Accuracy by PR Size (MAD vs Opus)
| Model | Tiny (<50 lines) | Small (50-150) | Medium (150-500) | Large (500+) |
|---|---|---|---|---|
| Haiku 4.5 | 0.2 | 5.9 | 7.5 | 11.6 |
| Sonnet 4.6 | 0.3 | 3.3 | 3.7 | 8.2 |
| Opus 4.6 | 0 (baseline) | 0 (baseline) | 0 (baseline) | 0 (baseline) |
Both models are excellent on tiny PRs. Accuracy degrades on larger PRs, but Sonnet holds up much better -- its MAD on large PRs (8.2) is comparable to Haiku's on medium PRs (7.5).
Accuracy by Language (MAD vs Opus)
| Model | Rust | TypeScript | Ruby |
|---|---|---|---|
| Haiku 4.5 | 4.0 | 7.6 | 10.4 |
| Sonnet 4.6 | 3.0 | 5.5 | 3.4 |
| Opus 4.6 | 0 (baseline) | 0 (baseline) | 0 (baseline) |
Haiku struggles most with Ruby (MAD 10.4), while Sonnet handles it well (3.4). Both models are most accurate on Rust code.
Results: Stability
How consistent scores are when the same PR is scored multiple times (lower CV is better):
| Model | Avg CV | Max CV | PRs with CV > 10% |
|---|---|---|---|
| Haiku 4.5 | 18.2% | 77.4% | 14/20 |
| Sonnet 4.6 | 8.7% | 35.4% | 7/20 |
| Opus 4.6 | N/A (single baseline score) | -- | -- |
Sonnet is 2x more stable than Haiku. Haiku's scores vary wildly across runs -- 14 of 20 PRs had >10% CV, with one reaching 77%. Sonnet's extended thinking produces much more consistent scoring.
Choosing a Model
Sonnet 4.6 is the default. It delivers near-Opus accuracy (r = 0.990, MAD 4.4) at ~1.7x lower cost, with good run-to-run stability (8.7% avg CV). For most teams, this is the best balance of cost and quality.

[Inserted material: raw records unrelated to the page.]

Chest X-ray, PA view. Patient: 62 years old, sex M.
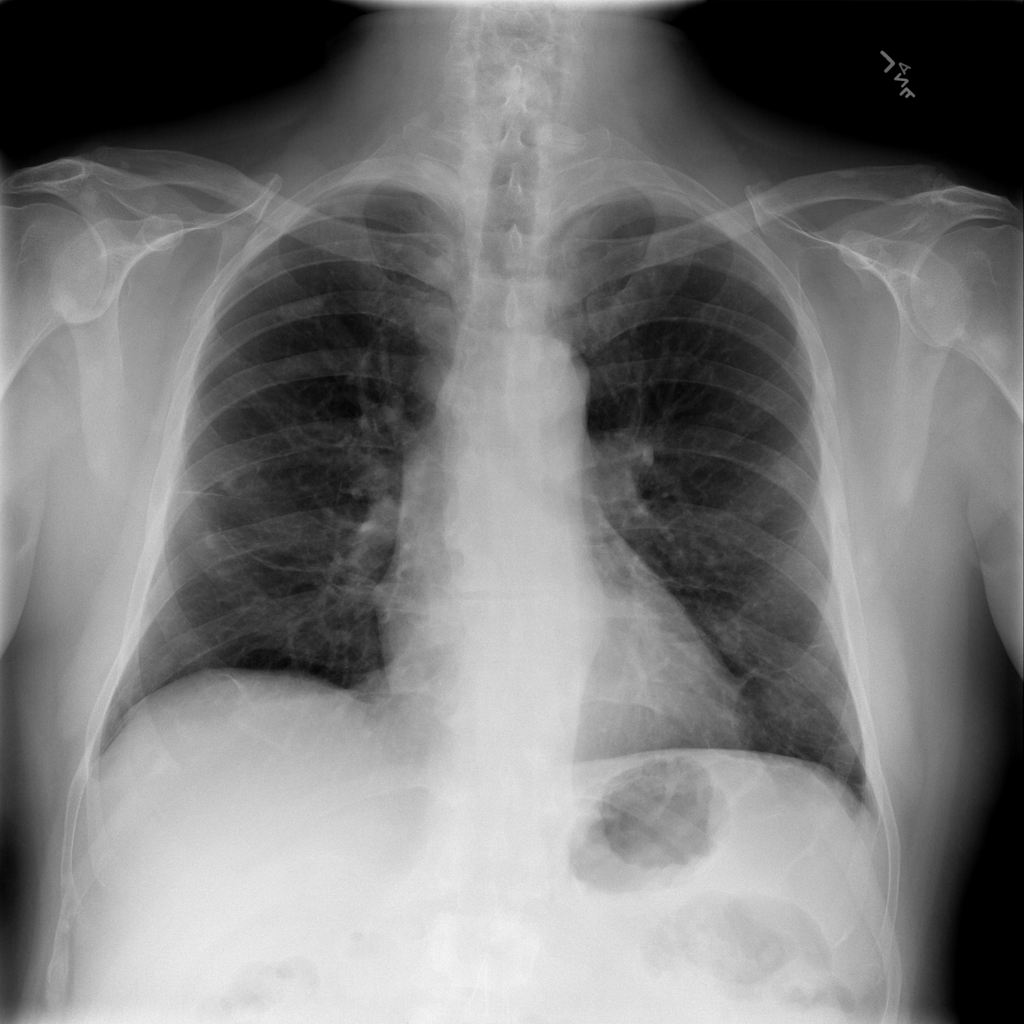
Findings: Atelectasis
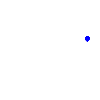
Particle: pion
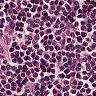
Metastatic tissue present: no
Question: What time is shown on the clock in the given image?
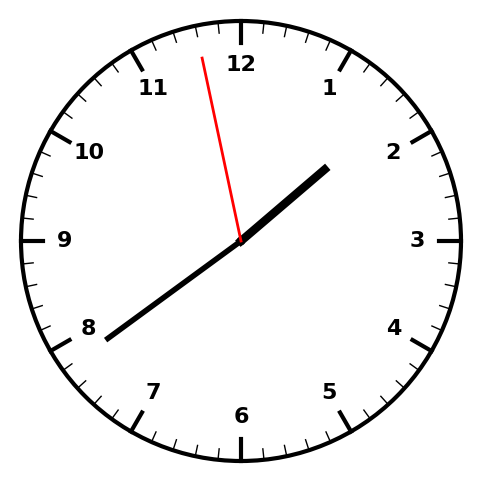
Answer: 01:38:58
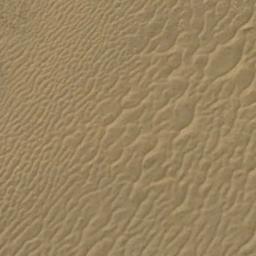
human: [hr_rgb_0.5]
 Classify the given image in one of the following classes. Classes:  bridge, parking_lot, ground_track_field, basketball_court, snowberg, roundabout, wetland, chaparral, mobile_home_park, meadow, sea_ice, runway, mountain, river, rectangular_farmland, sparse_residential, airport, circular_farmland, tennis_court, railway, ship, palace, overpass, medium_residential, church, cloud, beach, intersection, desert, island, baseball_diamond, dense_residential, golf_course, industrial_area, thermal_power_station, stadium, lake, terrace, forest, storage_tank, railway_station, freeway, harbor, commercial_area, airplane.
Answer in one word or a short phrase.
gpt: desert
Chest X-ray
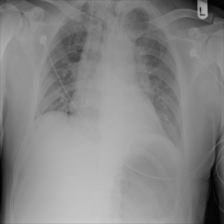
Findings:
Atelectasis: negative
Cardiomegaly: negative
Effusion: negative
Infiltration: positive
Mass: negative
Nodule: negative
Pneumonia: negative
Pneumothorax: positive
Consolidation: negative
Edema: negative
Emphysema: negative
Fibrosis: negative
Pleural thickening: negative
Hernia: negative
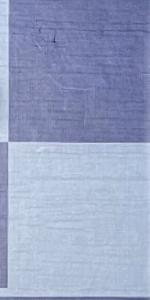
Label: Empty
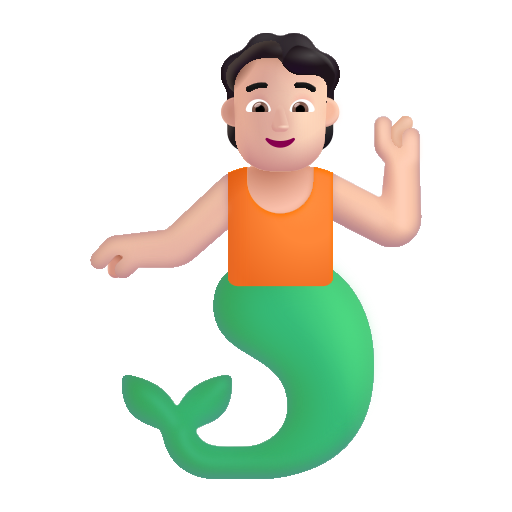
person merpeople color light
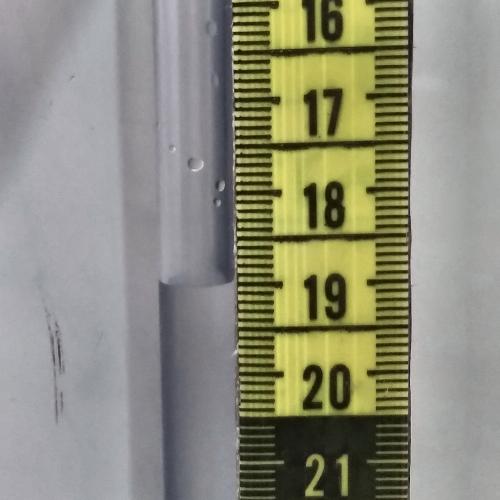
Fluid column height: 19.0 cm
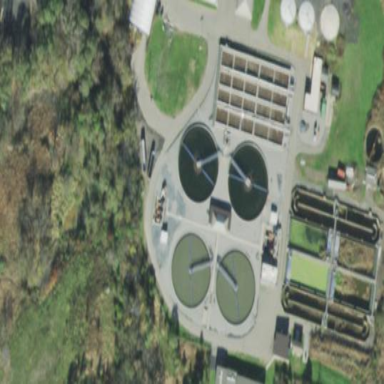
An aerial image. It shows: View of wastewater plant.
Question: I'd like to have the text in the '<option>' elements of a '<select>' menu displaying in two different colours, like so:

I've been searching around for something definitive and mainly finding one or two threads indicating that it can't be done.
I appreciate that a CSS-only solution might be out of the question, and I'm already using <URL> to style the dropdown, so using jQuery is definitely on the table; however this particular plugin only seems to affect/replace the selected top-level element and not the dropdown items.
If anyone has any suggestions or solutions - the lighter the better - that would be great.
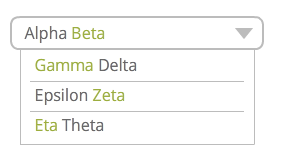
Answer: You cannot do this unless you completely replace the '<select>' element with a fully custom menu implementation. The spec <URL>, which does not allow for the HTML elements that you would need to implement the colors. jQuery can't help you there because there is no wiggle room whatsoever.
If you are willing to consider a custom implementation then <URL> is an excellent choice.

Opus 4.6 is the gold standard. It is the most capable AI model available for programming today -- the same model many engineering teams use to write their best code. When Opus is also the one judging your code, scores carry a certain weight that's hard to argue with. Some teams, depending on their culture and how they want to roll out scoring, find it important to start with the best-in-class model. If your engineers care about being scored with the highest possible accuracy, Opus is the right choice. There is also a natural correlation: Opus is what you code with, so it makes sense for it to be what evaluates your code. With Sonnet, there can be a slight perception gap -- teams may not use it as much for coding, so there's less of that built-in trust.
Haiku 4.5 is not recommended. While it's the cheapest option at $0.03/review, the 18% average CV (with spikes up to 77%) means scores are too inconsistent to be useful. The same PR can receive wildly different scores across runs. We include the data here for transparency, but we do not recommend Haiku for production scoring.
You can change your model at any time in Settings > AI Configuration.
Benchmark conducted March 2026. 20 PRs, 120 API calls.